In this talk we discuss how Artificial Intelligence (AI) can augment HPC systems to prevent and mitigate IO contention while dealing with IO bandwidth constraints. Our solution, called Analytics for IO (AI4IO), consists of a suite of AI-based tools that enable IO-awareness on HPC systems. Specifically, we present two AI4IO tools: PRIONN and CanarIO. PRIONN automates predictions about user-submitted job resource usage, including per-job IO bandwidth; CanarIO detects, in real-time, the presence of IO contention on HPC systems and predicts which jobs are affected by that contention (e.g., because of their frequent checkpointing). By working in concert, PRIONN and CanarIO predict the a priori knowledge necessary to prevent and mitigate IO contention with IO-aware scheduling. We integrate AI4IO in the Flux scheduler and show how A4IO produce improvements in simulation performance: we observe up to 6.2% improvement in makespan of HPC job workloads, which amounts to more than 18,000 node-hours saved per week on a production-size cluster. Our work is the first step to implementing IO-aware scheduling on production HPC systems.

About the speaker

Michela Taufer is an ACM Distinguished Scientist and holds the Jack Dongarra Professorship in High Performance Computing in the Department of Electrical Engineering and Computer Science at the University of Tennessee Knoxville (UTK). She earned her undergraduate degrees in Computer Engineering from the University of Padova (Italy) and her doctoral degree in Computer Science from the Swiss Federal Institute of Technology or ETH (Switzerland). From 2003 to 2004 she was a La Jolla Interfaces in Science Training Program (LJIS) Postdoctoral Fellow at the University of California San Diego (UCSD) and The Scripps Research Institute (TSRI), where she worked on interdisciplinary projects in computer systems and computational chemistry.
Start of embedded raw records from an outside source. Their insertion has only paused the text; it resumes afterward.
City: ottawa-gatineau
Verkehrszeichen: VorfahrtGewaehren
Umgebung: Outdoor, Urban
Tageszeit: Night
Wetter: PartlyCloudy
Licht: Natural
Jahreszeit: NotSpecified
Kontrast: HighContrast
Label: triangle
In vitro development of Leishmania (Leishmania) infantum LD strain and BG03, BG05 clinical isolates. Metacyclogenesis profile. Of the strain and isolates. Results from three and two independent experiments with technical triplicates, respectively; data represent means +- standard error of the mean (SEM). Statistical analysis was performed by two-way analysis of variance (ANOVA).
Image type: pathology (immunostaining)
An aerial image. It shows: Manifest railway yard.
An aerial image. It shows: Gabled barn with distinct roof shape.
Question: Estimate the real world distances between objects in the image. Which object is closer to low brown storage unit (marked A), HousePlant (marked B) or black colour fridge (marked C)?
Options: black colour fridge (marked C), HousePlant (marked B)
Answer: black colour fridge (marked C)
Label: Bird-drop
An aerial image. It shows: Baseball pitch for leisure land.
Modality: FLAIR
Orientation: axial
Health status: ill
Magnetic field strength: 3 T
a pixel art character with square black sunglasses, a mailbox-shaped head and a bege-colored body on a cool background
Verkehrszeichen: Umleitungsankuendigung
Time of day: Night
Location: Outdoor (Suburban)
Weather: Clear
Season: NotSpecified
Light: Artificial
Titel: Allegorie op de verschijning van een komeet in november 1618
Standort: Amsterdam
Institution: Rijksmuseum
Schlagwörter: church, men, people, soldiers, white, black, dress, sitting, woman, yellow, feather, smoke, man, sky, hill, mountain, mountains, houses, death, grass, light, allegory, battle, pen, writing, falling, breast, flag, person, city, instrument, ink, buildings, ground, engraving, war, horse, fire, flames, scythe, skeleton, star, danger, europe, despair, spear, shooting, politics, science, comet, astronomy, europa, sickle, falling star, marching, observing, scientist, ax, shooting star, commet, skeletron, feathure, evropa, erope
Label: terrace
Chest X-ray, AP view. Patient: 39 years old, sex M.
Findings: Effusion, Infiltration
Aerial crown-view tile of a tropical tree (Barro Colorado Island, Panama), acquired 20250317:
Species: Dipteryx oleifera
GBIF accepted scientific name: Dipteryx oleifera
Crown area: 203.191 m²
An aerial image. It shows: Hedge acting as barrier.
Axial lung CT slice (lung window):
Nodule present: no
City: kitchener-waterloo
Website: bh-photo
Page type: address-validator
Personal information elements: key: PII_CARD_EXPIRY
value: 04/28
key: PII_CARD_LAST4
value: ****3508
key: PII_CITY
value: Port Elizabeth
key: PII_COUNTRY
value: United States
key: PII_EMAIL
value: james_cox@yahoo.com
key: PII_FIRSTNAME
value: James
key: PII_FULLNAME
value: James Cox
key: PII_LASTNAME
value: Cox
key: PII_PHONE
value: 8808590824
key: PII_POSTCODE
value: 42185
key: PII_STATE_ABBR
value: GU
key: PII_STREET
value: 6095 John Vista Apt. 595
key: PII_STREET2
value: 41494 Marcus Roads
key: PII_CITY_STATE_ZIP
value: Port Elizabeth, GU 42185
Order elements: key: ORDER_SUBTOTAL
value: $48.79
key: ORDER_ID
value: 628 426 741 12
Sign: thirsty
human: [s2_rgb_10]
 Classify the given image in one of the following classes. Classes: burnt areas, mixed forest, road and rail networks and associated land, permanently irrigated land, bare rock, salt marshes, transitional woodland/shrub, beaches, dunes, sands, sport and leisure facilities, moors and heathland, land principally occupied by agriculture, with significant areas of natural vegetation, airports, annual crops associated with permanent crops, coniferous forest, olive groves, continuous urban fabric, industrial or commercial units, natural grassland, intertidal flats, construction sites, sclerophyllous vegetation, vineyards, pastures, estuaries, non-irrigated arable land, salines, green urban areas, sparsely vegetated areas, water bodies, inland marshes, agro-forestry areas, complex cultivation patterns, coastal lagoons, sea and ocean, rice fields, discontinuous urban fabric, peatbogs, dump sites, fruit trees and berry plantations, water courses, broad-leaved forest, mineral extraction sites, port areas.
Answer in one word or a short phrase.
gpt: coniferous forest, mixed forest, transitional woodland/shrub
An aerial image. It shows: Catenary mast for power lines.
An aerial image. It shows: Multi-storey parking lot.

Michela has a long history of interdisciplinary work with scientists. Her research interests include scientific applications on heterogeneous platforms (i.e., multi-core platforms and accelerators); performance analysis, modeling and optimization; Artificial Intelligence (AI) for cyberinfrastructures (CI); AI integration into scientific workflows, computer simulations, and data analytics. She has been serving as the principal investigator of several NSF collaborative projects. She also has significant experience in mentoring a diverse population of students on interdisciplinary research. Michela's training expertise includes efforts to spread high-performance computing participation in undergraduate education and research as well as efforts to increase the interest and participation of diverse populations in interdisciplinary studies.